The objective of simultaneous localization and mapping is to understand how mobile robots can determine their own positions in an unknown environment and simultaneously build a consistent map [1]. It has been investigated over the past few decades, and is still considered as an unsolved and challenging problem [2]. Recently, due to the availability of low-cost sensing devices and the advances of visual-information-processing algorithms, computer vision and machine learning approaches have been used for the development of self-localization and 3D model reconstruction techniques [3]. A number of SLAM algorithms are applied to commercial applications, which means that mobile robots have the ability of autonomous navigation in structured environments such as offices and factories [4,5]. It is also a current research trend to adopt 3D optical sensors based on dynamic triangulation for the SLAM of a robotic swarm [6]. To deal with a group of robots for navigation, the idea of data transferring was proposed [7]. It is specifically important when the application environment contains a number of obstacles. Communication among the robots is crucial to the team during in situ operations.

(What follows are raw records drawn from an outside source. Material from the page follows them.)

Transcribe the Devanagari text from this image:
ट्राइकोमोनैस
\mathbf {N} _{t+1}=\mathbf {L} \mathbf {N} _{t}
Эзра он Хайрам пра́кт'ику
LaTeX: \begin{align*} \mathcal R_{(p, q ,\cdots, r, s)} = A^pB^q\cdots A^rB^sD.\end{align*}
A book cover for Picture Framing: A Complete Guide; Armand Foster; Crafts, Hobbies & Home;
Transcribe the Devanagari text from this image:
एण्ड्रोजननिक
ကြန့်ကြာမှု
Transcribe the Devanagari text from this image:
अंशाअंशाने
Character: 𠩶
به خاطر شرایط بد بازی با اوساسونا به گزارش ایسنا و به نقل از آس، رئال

The existing SLAM techniques which utilize the image data mainly consist of two approaches, namely visual simultaneous localization and mapping (visual SLAM) and visual odometry (VO). Under the general SLAM framework, visual SLAM uses the rich image information acquired from the environment [8]. On the other hand, visual odometry computes the motion trajectories of mobile platforms by analyzing the visual content derived using onboard cameras [9]. Compared to visual SLAM algorithms, which emphasize the globally consistent estimates and loop closures of the map, VO techniques adopt incremental pose updates based on the local consistency [10]. The main idea is similar to dead reckoning based on wheel odometry, but the image data obtained from exteroceptive sensors are used to mitigate the drifting problem [11].

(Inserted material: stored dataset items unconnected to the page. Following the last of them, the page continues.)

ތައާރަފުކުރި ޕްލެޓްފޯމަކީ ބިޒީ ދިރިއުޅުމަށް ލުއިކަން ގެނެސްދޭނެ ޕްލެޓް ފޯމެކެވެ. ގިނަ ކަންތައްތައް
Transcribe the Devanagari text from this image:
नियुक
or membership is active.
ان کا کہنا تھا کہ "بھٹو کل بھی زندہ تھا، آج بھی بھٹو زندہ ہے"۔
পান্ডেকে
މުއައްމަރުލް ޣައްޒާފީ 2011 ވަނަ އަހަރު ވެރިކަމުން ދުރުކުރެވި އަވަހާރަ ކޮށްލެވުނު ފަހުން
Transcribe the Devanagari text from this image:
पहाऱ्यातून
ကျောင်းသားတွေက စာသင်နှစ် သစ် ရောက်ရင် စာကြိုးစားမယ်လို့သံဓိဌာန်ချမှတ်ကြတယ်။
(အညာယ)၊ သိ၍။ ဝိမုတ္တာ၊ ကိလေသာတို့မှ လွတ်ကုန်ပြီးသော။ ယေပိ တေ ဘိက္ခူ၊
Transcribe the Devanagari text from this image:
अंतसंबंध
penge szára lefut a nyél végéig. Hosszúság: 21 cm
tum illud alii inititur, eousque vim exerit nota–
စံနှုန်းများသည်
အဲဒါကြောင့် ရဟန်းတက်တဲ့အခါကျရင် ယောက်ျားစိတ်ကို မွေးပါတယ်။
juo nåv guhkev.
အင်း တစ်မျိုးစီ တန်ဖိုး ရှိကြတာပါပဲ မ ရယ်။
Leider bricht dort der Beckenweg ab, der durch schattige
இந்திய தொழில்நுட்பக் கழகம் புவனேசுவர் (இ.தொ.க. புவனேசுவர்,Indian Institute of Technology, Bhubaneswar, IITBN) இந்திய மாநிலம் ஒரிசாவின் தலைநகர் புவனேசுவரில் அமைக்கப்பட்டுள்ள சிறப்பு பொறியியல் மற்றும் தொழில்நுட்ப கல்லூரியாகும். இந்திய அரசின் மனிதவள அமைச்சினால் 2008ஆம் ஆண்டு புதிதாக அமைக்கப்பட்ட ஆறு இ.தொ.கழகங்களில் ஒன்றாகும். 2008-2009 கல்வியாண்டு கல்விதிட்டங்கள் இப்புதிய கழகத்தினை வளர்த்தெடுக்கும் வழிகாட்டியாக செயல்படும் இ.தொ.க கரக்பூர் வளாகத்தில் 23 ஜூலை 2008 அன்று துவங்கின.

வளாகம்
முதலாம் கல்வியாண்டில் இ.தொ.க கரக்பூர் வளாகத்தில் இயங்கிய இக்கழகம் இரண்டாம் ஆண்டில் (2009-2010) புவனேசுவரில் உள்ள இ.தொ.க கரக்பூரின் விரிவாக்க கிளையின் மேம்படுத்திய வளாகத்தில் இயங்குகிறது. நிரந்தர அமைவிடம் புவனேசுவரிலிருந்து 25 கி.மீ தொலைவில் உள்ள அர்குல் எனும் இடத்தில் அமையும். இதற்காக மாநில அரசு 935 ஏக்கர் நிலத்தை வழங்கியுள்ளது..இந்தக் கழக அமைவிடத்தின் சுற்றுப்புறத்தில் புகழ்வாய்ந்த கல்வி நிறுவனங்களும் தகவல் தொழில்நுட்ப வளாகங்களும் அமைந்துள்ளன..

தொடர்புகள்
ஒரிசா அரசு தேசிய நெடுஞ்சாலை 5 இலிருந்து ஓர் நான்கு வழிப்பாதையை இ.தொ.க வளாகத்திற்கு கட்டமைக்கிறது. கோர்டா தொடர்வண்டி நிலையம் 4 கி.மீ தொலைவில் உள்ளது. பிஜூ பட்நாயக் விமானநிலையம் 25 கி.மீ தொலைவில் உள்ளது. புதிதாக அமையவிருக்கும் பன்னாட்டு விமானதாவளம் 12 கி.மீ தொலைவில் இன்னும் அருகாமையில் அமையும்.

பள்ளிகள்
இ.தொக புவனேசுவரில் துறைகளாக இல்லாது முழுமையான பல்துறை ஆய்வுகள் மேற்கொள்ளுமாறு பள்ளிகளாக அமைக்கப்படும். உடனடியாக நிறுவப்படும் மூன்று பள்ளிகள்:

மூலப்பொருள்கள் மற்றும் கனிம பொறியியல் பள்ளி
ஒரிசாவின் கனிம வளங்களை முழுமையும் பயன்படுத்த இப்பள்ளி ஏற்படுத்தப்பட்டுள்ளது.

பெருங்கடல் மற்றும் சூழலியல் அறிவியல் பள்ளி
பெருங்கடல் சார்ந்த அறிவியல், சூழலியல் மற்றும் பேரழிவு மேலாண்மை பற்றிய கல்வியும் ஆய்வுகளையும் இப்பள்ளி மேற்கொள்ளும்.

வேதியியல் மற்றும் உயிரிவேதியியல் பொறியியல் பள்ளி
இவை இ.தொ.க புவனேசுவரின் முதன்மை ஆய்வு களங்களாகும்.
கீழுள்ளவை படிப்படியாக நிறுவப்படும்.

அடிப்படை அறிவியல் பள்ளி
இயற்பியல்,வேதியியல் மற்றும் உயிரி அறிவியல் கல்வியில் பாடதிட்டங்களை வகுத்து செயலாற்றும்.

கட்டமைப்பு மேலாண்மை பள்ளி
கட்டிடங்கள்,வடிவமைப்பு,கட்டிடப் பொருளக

Although vision-based approaches have been extensively studied, there are still very limited application scenarios incorporating visual SLAM due to the robustness issue [12]. The conventional feature-based methods are relatively stable under illumination changes, but the localization systems easily fail under low-texture surroundings [13,14]. In contrast, the direct methods are able to deal with low-texture scenes, but do not perform well if the invariant illumination is not satisfied (such as if the brightness of the scene is not fairly even due to the lighting condition or the surface reflectance property) [15,16]. One feasible solution to these robustness problems is through the development of visual–inertial odometry (VIO) techniques. In a VIO system, the information from the image sensor and IMU (inertial measurement unit) are integrated to obtain a better camera motion estimation [17]. This is based on the complementary characteristics of cameras and IMUs. The inertial measurement is able to provide the supplementary information when the visual tracking fails, but its high data rate usually suffers from the drifting problem. On the other hand, the drafting error can be greatly reduced by fusing the exteroceptive image data for the trajectory computation [18].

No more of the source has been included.